Build Environment and Scripts

Specs can set:

  • build-env -- key/value environment variables applied to both dpkg --configure and build-script.
  • build-script -- a bash script executed after package configuration. Scripts from extends are executed in order (base -> derived).

Use rdebootstrap edit env / rdebootstrap edit script to edit these fields.

rdebootstrap build supports --executor sandbox (default) and --executor podman.

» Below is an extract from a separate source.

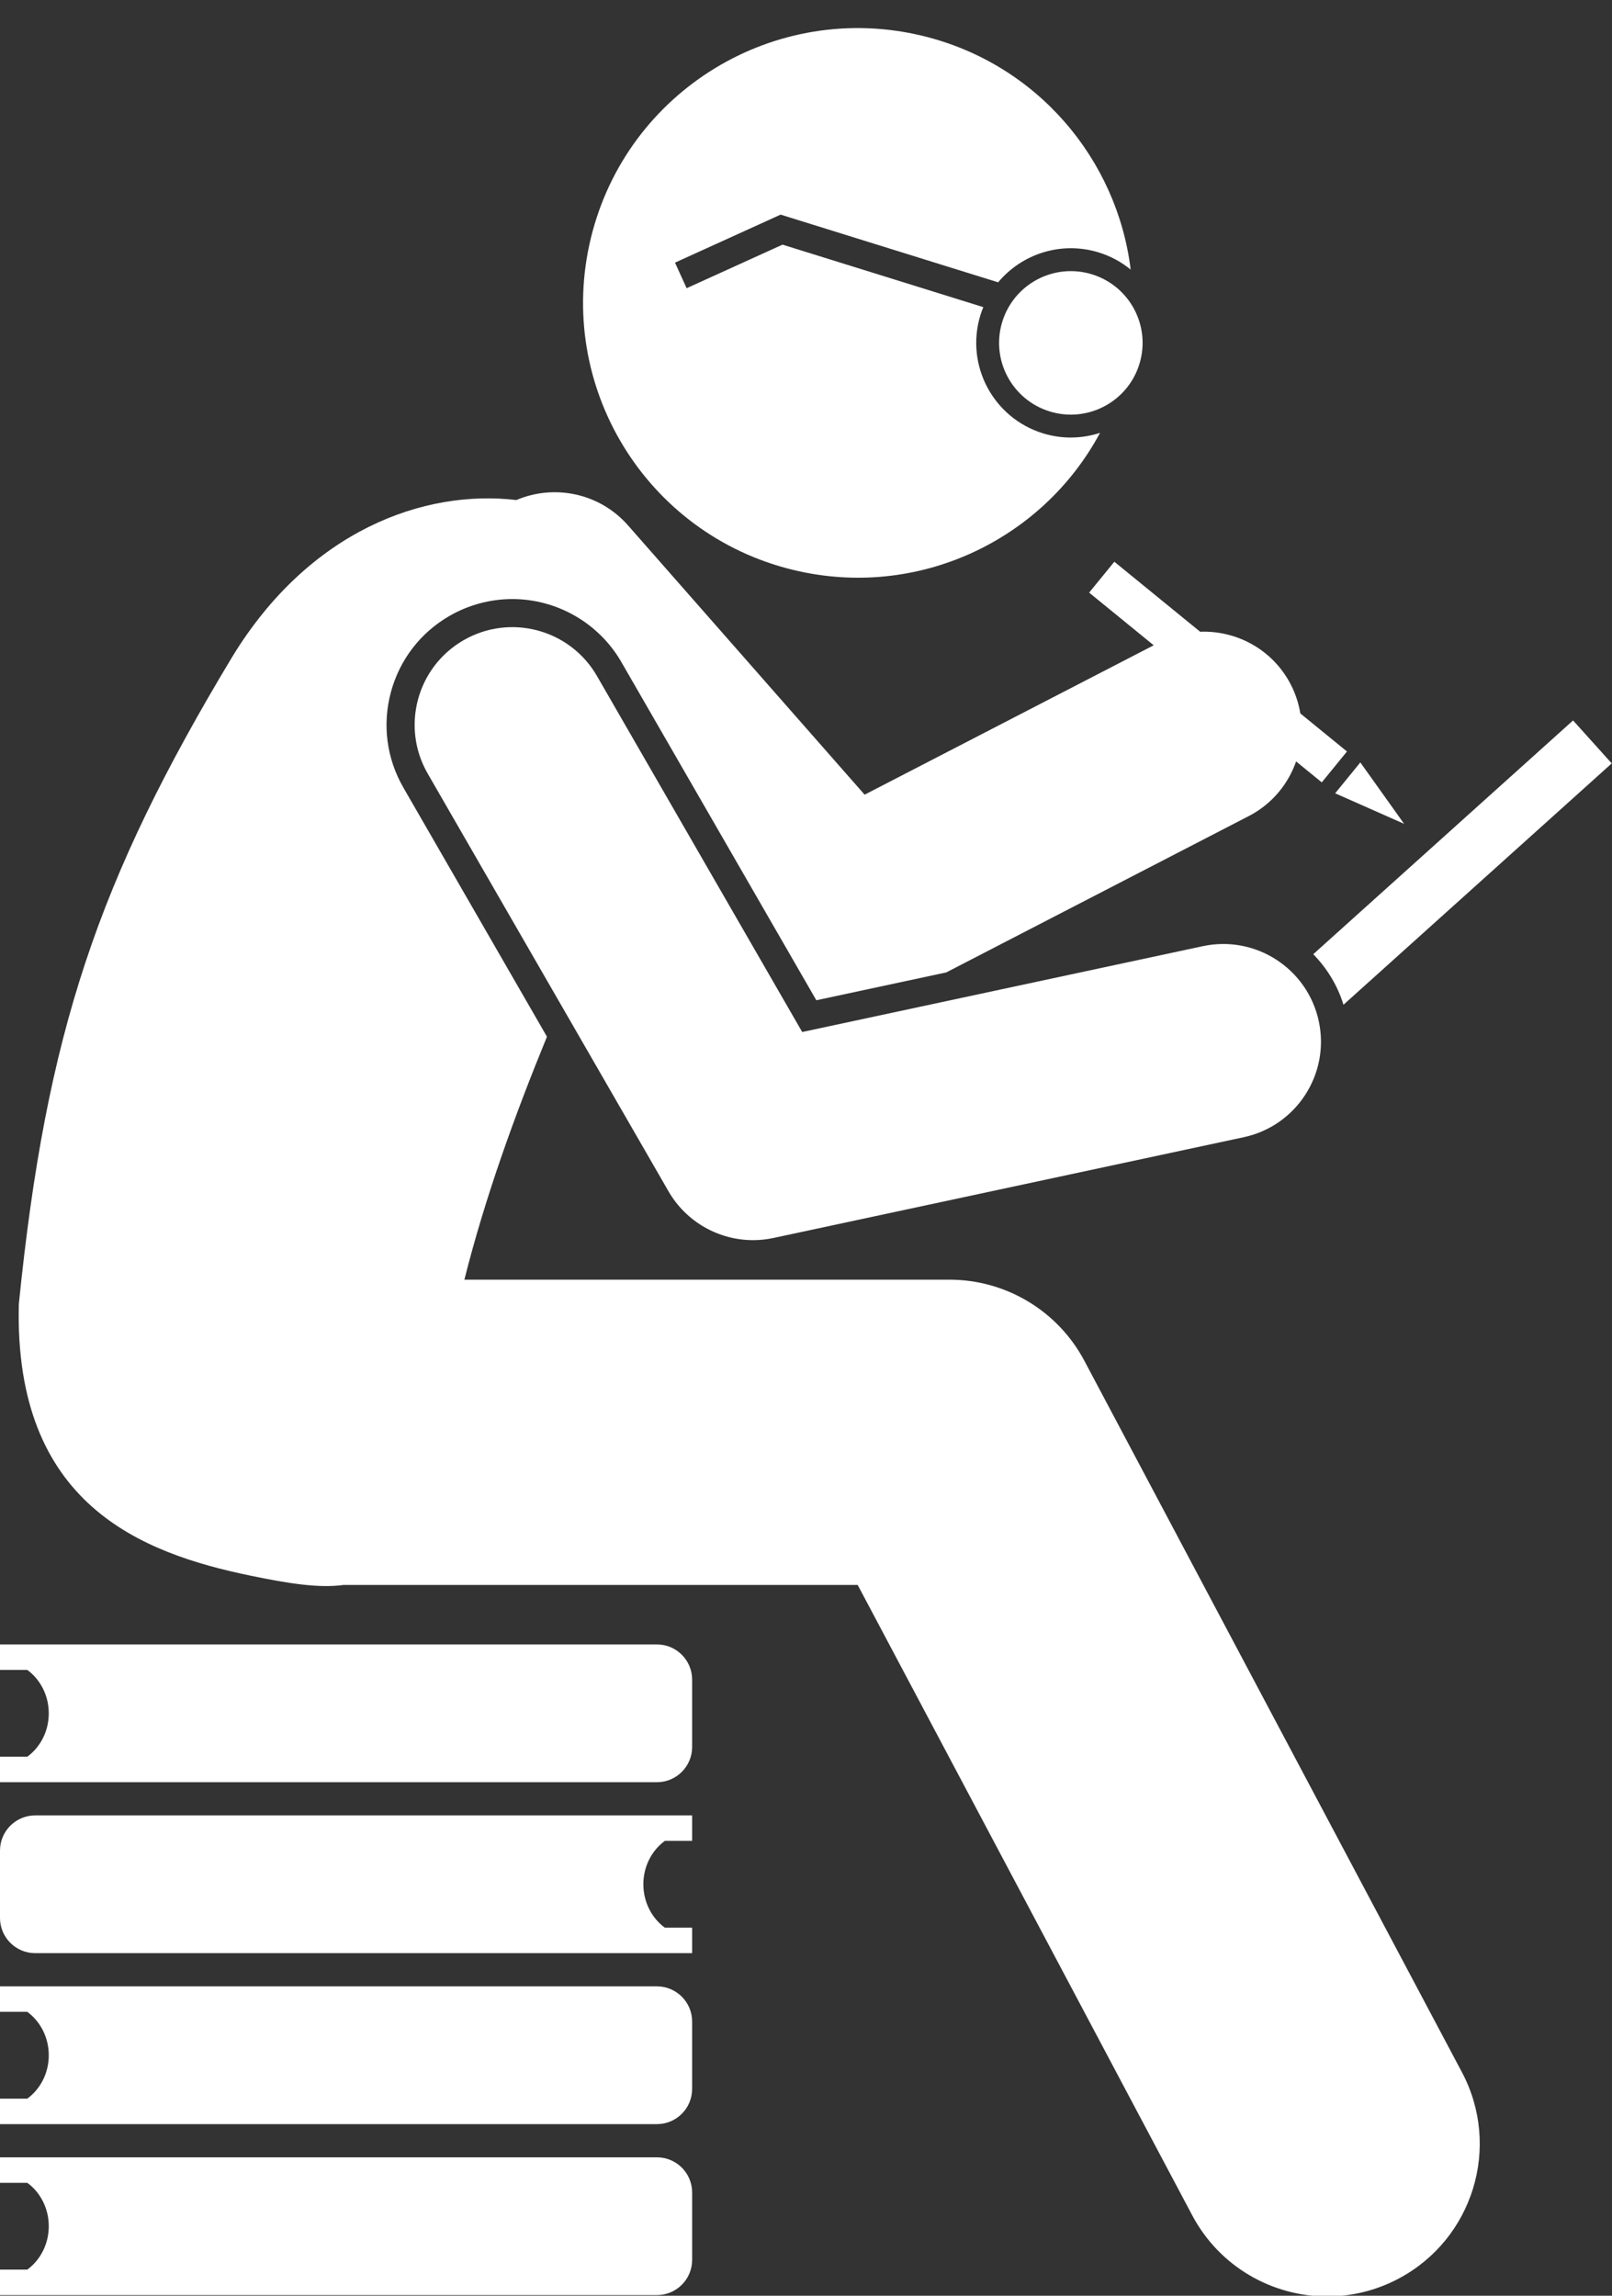 <?xml version="1.0" encoding="UTF-8" standalone="no"?><svg xmlns="http://www.w3.org/2000/svg" xmlns:xlink="http://www.w3.org/1999/xlink" fill="#ffffff" height="188" preserveAspectRatio="xMidYMid meet" version="1" viewBox="0.0 -2.3 132.0 188.0" width="132" zoomAndPan="magnify"><rect x="0.0" y="-2.3" width="132.0" height="188.0" fill="#333333" stroke="none"/><g id="change1_1"><path d="M53.794,132.364H0v1.346v0.741h2.235c1.059,0.775,1.759,2.081,1.759,3.554c0,1.474-0.7,2.78-1.759,3.554H0v0.741v1.346 h53.794c1.589,0,2.882-1.293,2.882-2.882v-5.518C56.677,133.657,55.383,132.364,53.794,132.364z" fill="inherit"/><path d="M54.441,148.451h2.235v-0.741v-1.346H2.882c-1.589,0-2.882,1.293-2.882,2.882v5.518c0,1.589,1.293,2.882,2.882,2.882 h53.794v-1.346v-0.741h-2.235c-1.059-0.775-1.759-2.081-1.759-3.554C52.682,150.531,53.382,149.225,54.441,148.451z" fill="inherit"/><path d="M2.235,169.559H0v0.741v1.346h53.794c1.589,0,2.882-1.293,2.882-2.882v-5.518c0-1.589-1.293-2.882-2.882-2.882H0v1.346 v0.741h2.235c1.059,0.775,1.759,2.081,1.759,3.554C3.995,167.478,3.295,168.784,2.235,169.559z" fill="inherit"/><path d="M56.677,182.764v-5.518c0-1.589-1.293-2.882-2.882-2.882H0v1.346v0.741h2.235c1.059,0.775,1.759,2.081,1.759,3.554 c0,1.474-0.7,2.78-1.759,3.554H0v0.741v1.346h53.794C55.383,185.646,56.677,184.353,56.677,182.764z" fill="inherit"/><path d="M85.412,33.188c-4.091-1.259-6.387-5.595-5.129-9.686c0.069-0.223,0.15-0.438,0.236-0.65l-16.442-5.118l-7.852,3.568 l-0.951-2.094l8.648-3.932l17.811,5.544c1.94-2.328,5.157-3.395,8.235-2.448c0.986,0.303,1.865,0.789,2.618,1.404 c-1.105-9.035-7.664-16.865-17.033-19.138c-12.076-2.929-24.24,4.486-27.17,16.562c-2.929,12.077,4.487,24.241,16.562,27.17 c10.174,2.468,20.408-2.406,25.132-11.223C88.615,33.624,86.996,33.675,85.412,33.188z" fill="inherit"/><path d="M32.008,54.385c0.714-2.657,2.42-4.877,4.804-6.251c1.563-0.9,3.34-1.377,5.137-1.377c3.676,0,7.098,1.977,8.931,5.157 l15.966,27.698l10.639-2.28l24.773-12.804c1.893-0.978,3.224-2.61,3.874-4.474l2.103,1.715l2.063-2.529l-3.82-3.116 c-0.133-0.808-0.389-1.61-0.786-2.376c-1.47-2.846-4.413-4.428-7.416-4.314l-7.028-5.733l-2.063,2.529l5.287,4.313L70.8,62.777 L51.427,40.726c-2.339-2.663-6.053-3.395-9.145-2.077c-7.563-0.896-16.956,2.495-23.271,12.85 C8.034,69.741,3.785,82.251,1.541,104.503c-0.401,16.398,10.021,20.381,18.997,22.234c3.065,0.633,5.572,1.04,7.633,0.752 c0.031,0,0.06,0.005,0.091,0.005h41.971l27.393,51.62c2.245,4.23,6.575,6.644,11.053,6.644c1.977,0,3.981-0.471,5.849-1.461 c6.099-3.236,8.418-10.804,5.183-16.901l-30.917-58.261c-2.169-4.086-6.416-6.641-11.042-6.641H38.027 c1.709-6.81,4.17-13.575,6.761-19.898L33.033,62.201C31.658,59.818,31.294,57.042,32.008,54.385z" fill="inherit"/><path d="M128.812,56.697L107.537,75.84c1.12,1.148,1.987,2.554,2.475,4.139l21.966-19.764L128.812,56.697z" fill="inherit"/><path d="M98.492,75.183l-32.803,7.029L48.886,53.063c-2.205-3.828-7.098-5.142-10.926-2.936s-5.143,7.098-2.936,10.926 L54.737,95.25c1.448,2.513,4.112,4.006,6.929,4.006c0.557,0,1.118-0.059,1.678-0.179l38.5-8.25c4.32-0.926,7.072-5.179,6.146-9.498 C107.064,77.009,102.811,74.259,98.492,75.183z" fill="inherit"/><circle cx="87.69" cy="25.781" fill="inherit" r="5.875" transform="rotate(-72.902 87.687 25.782)"/><path d="M114.976 65.164L111.392 60.135 109.33 62.664z" fill="inherit"/></g></svg>

The executor matters mainly for rootless runs: sandbox uses the built-in helper, while podman runs configuration inside podman run --rootfs ... (which may require a working rootless podman environment such as a valid XDG runtime directory).

CLI Tour

  • init -- bootstrap a manifest from vendor presets (debian, ubuntu, devuan), explicit archives, or --import <path> from another locked manifest.
  • import -- add or replace [import] using another already-locked manifest and export selected named parent specs.
  • edit -- edit the manifest (rdebootstrap edit) or spec metadata (edit env, edit script).
  • archive add, deb add -- append repositories or register a local .deb.
  • require / forbid -- add requirements or version constraints to a spec.
  • remove -- remove requirements or constraints (drop remains an alias).
  • artifact add -- define, add, or remove staged artifacts.
  • spec artifact add / remove -- add or remove an artifact from the spec.
  • update -- refresh metadata, solve dependencies, and rewrite the lock file (supports --snapshot; --locals refreshes local packages, local artifacts, and stored import fingerprints when [import] is present).
  • list, search, spec, package, source -- inspect resolved specs and package/source metadata.
  • build -- expand a spec into a directory, running maintainer scripts within the sandbox helper.

Authentication

  • -a/--auth selects the auth source: omit for optional auth.toml next to the manifest, use file:/path/to/auth.toml (or just a path), or vault:<mount>/<path> to read secrets from Vault.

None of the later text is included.